[WHAT IS REQUIRED]: Would you write out every entry exactly, but without the pictures?

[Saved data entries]
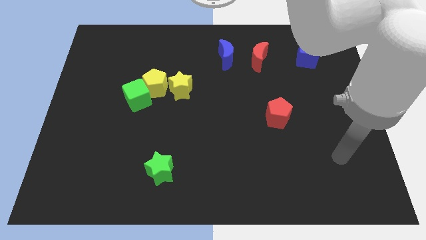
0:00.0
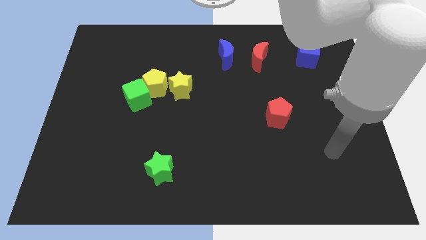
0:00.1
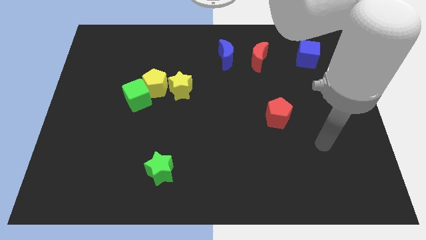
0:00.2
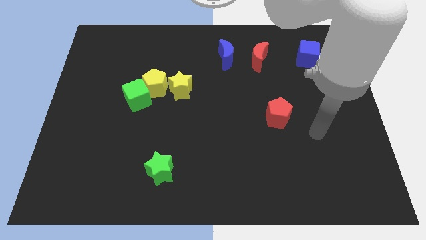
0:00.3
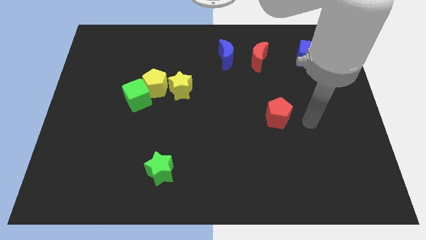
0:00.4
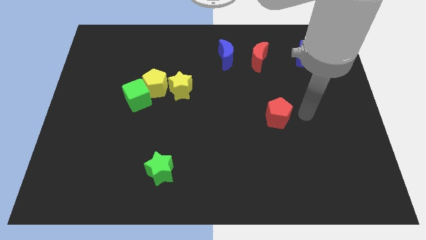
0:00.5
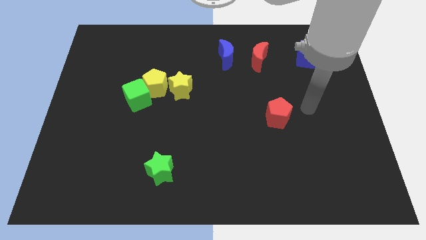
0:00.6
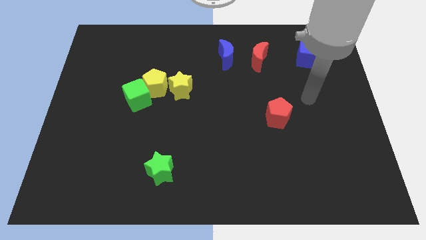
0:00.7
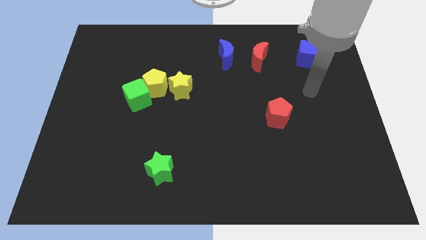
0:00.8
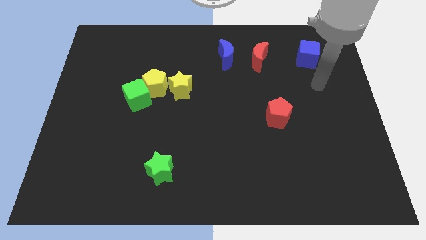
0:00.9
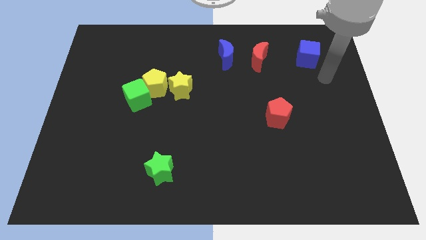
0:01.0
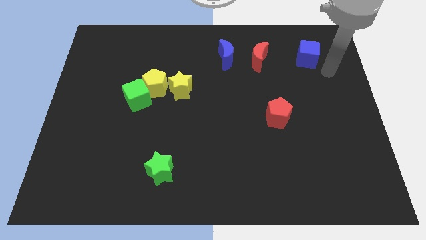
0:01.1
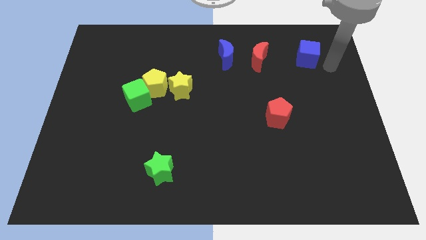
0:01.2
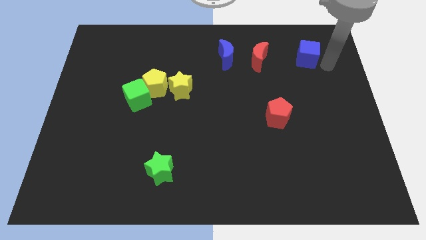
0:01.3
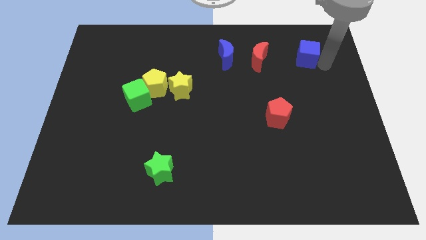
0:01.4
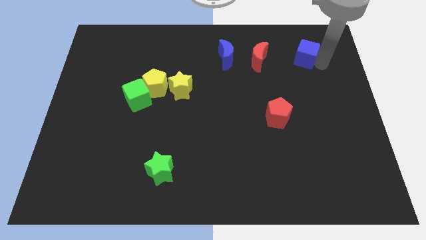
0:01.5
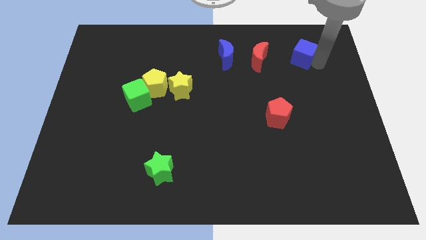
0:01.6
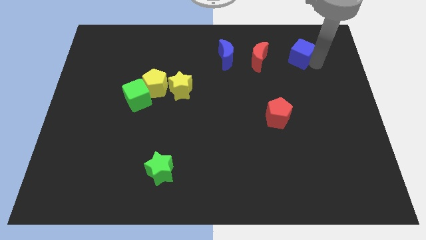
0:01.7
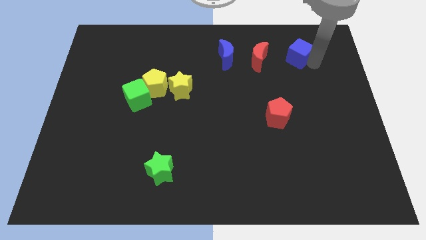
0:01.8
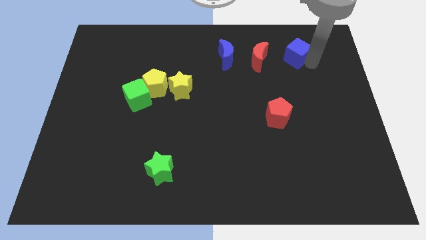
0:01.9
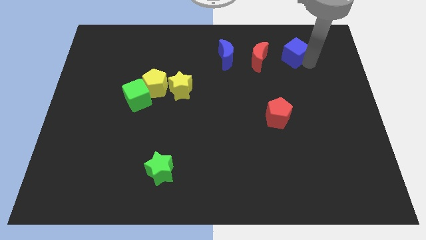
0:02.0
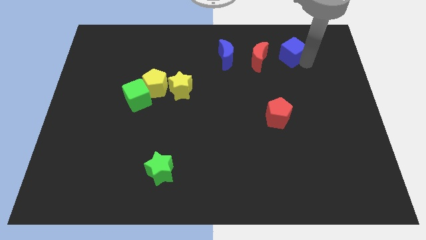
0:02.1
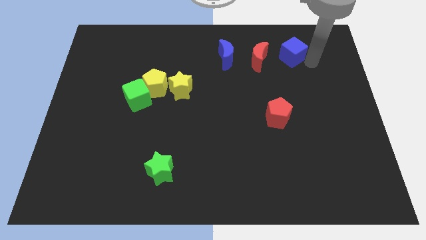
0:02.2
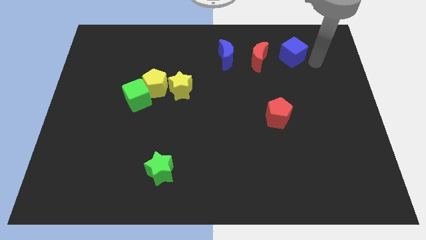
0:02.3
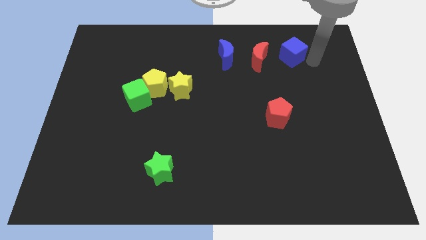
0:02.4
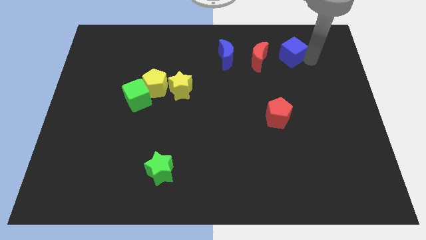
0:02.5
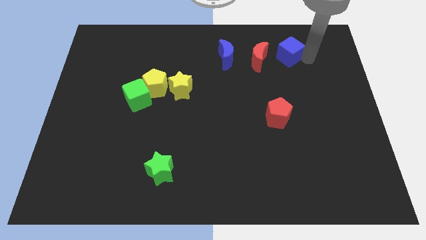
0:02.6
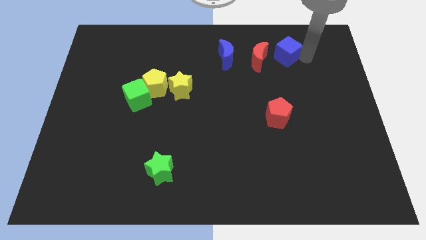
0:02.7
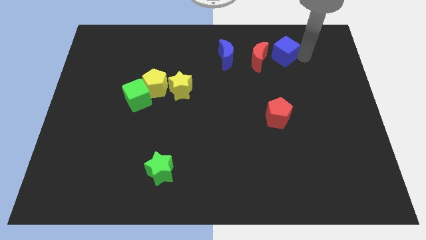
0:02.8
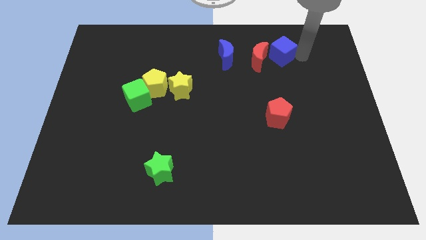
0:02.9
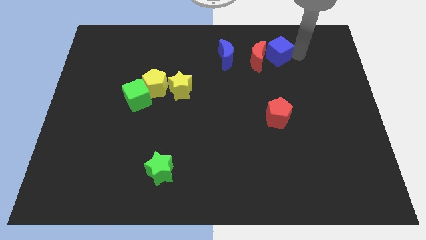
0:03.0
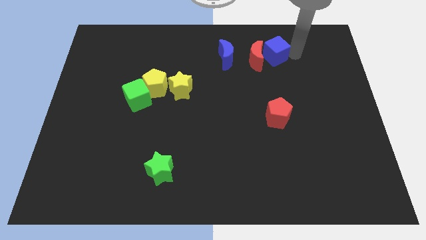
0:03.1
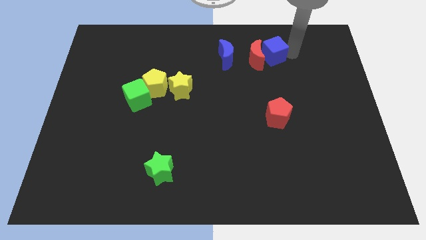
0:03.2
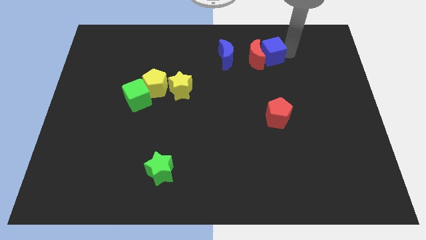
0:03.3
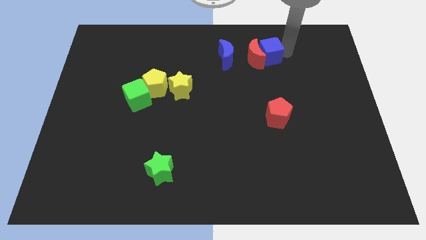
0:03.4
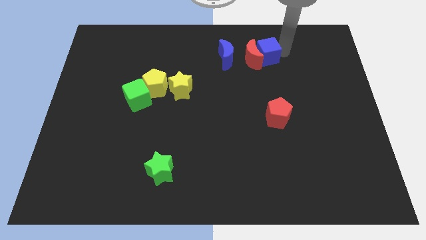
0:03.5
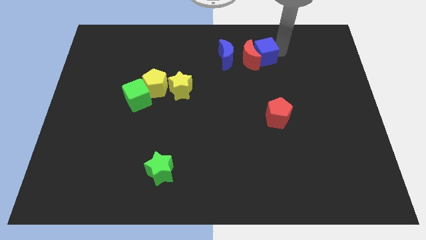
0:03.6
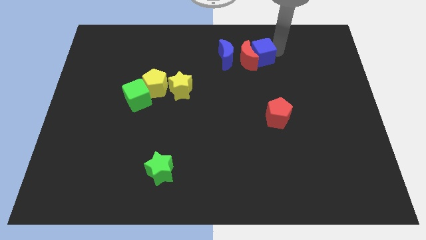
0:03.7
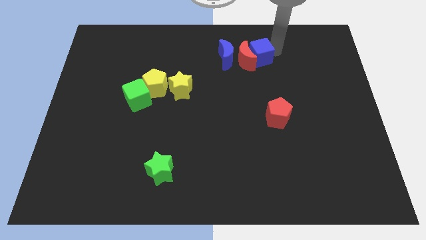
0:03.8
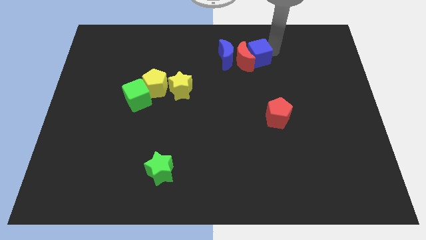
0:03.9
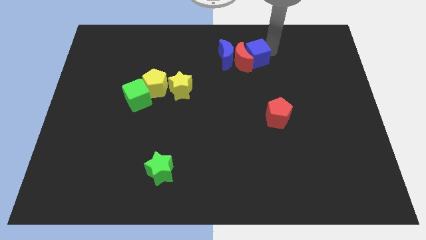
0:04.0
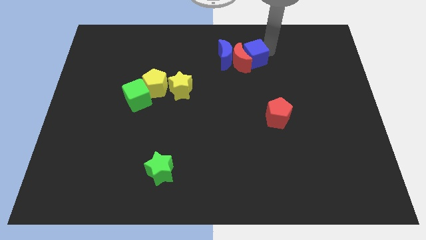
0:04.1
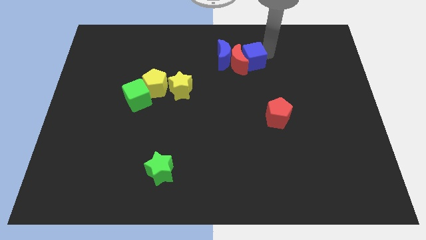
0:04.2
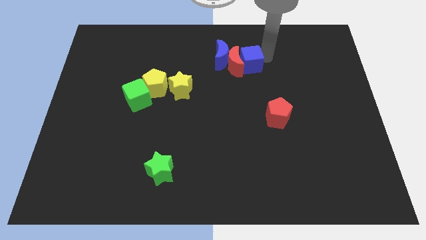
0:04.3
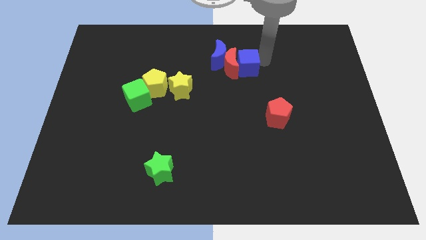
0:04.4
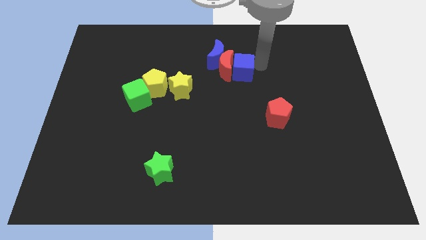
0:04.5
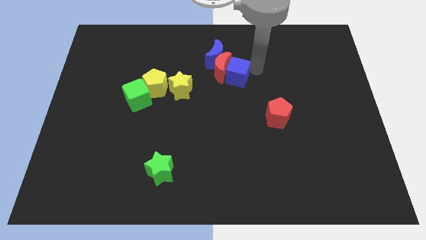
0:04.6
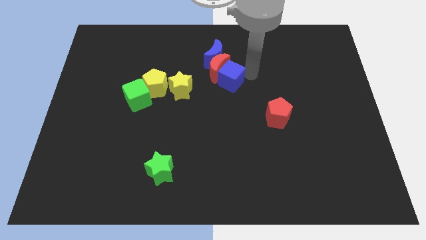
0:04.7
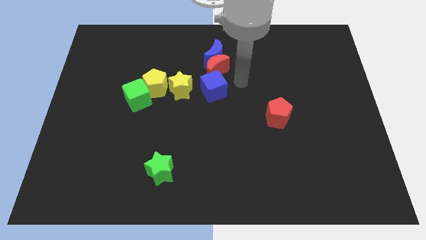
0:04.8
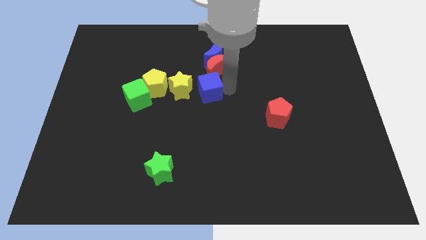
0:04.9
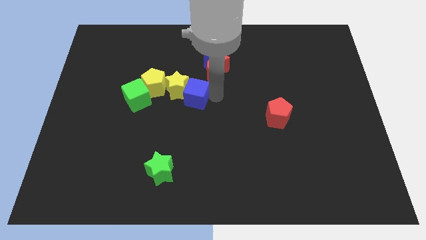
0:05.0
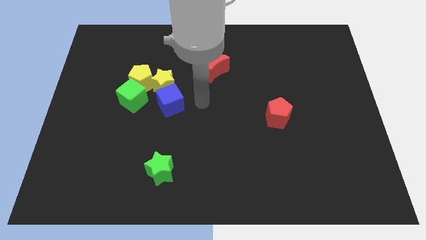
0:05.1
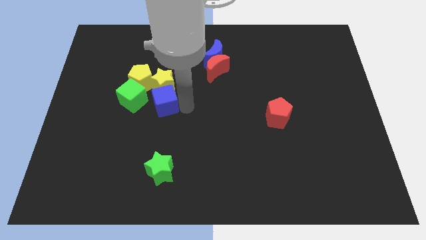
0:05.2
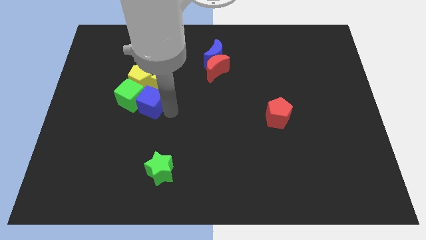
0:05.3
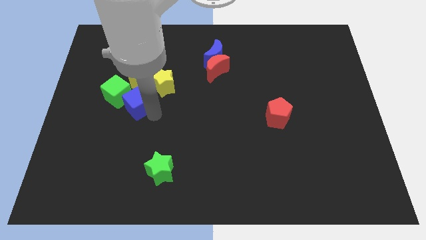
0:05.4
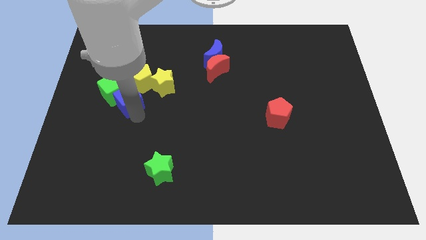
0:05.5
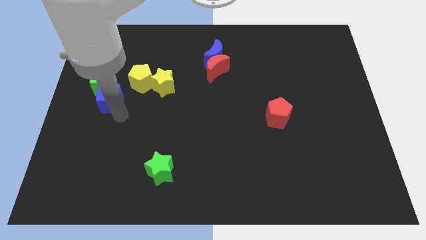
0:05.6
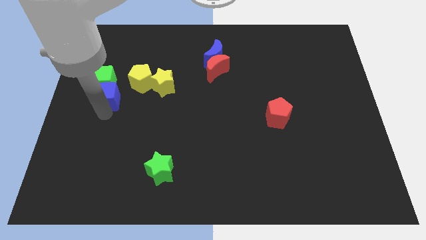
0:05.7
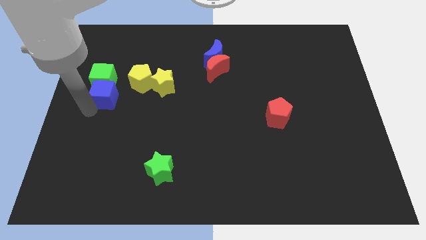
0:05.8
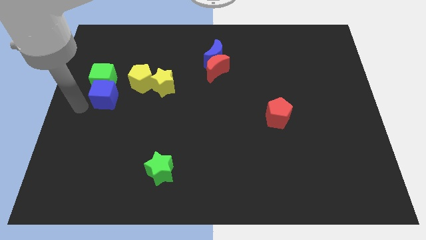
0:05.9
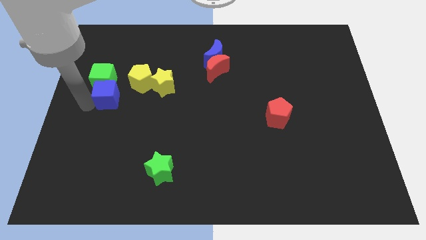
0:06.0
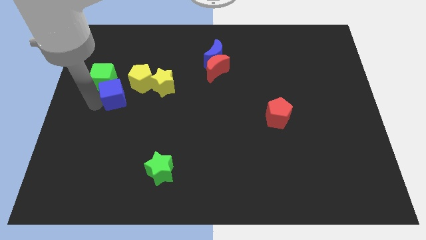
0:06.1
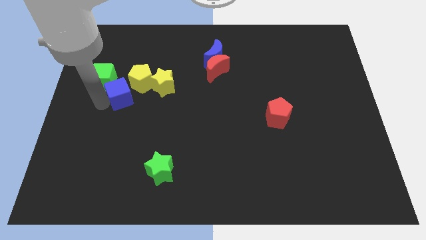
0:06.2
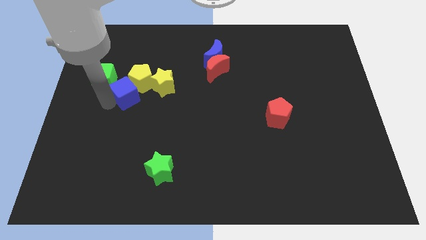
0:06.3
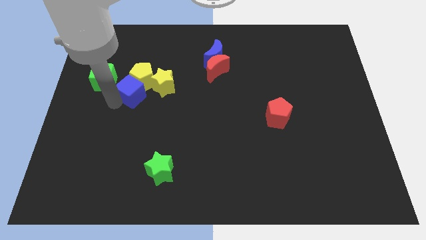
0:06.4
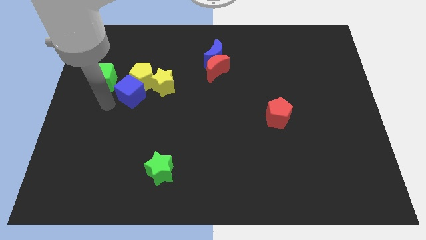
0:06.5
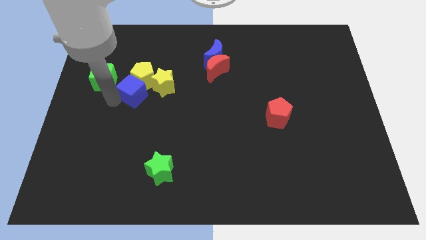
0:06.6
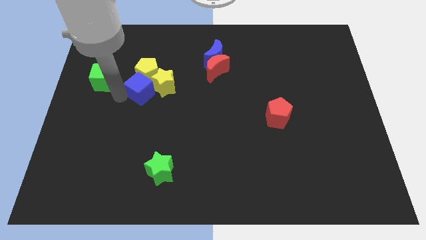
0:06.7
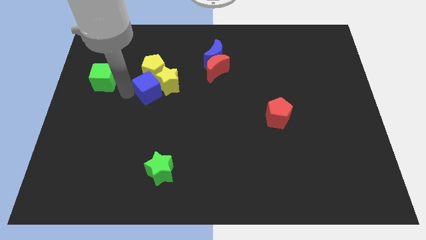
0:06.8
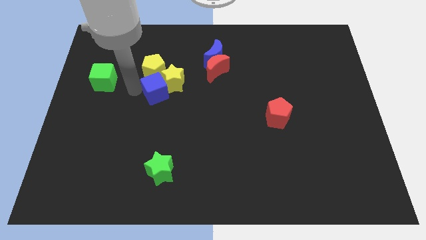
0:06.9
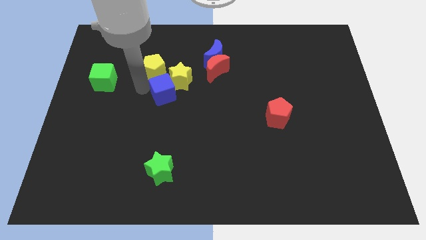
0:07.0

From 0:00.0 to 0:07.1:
move the blue cube left

[SOLUTION FOR THIS TASK]:
0:00.0
0:00.1
0:00.2
0:00.3
0:00.4
0:00.5
0:00.6
0:00.7
0:00.8
0:00.9
0:01.0
0:01.1
0:01.2
0:01.3
0:01.4
0:01.5
0:01.6
0:01.7
0:01.8
0:01.9
0:02.0
0:02.1
0:02.2
0:02.3
0:02.4
0:02.5
0:02.6
0:02.7
0:02.8
0:02.9
0:03.0
0:03.1
0:03.2
0:03.3
0:03.4
0:03.5
0:03.6
0:03.7
0:03.8
0:03.9
0:04.0
0:04.1
0:04.2
0:04.3
0:04.4
0:04.5
0:04.6
0:04.7
0:04.8
0:04.9
0:05.0
0:05.1
0:05.2
0:05.3
0:05.4
0:05.5
0:05.6
0:05.7
0:05.8
0:05.9
0:06.0
0:06.1
0:06.2
0:06.3
0:06.4
0:06.5
0:06.6
0:06.7
0:06.8
0:06.9
0:07.0

From 0:00.0 to 0:07.1:
move the blue cube left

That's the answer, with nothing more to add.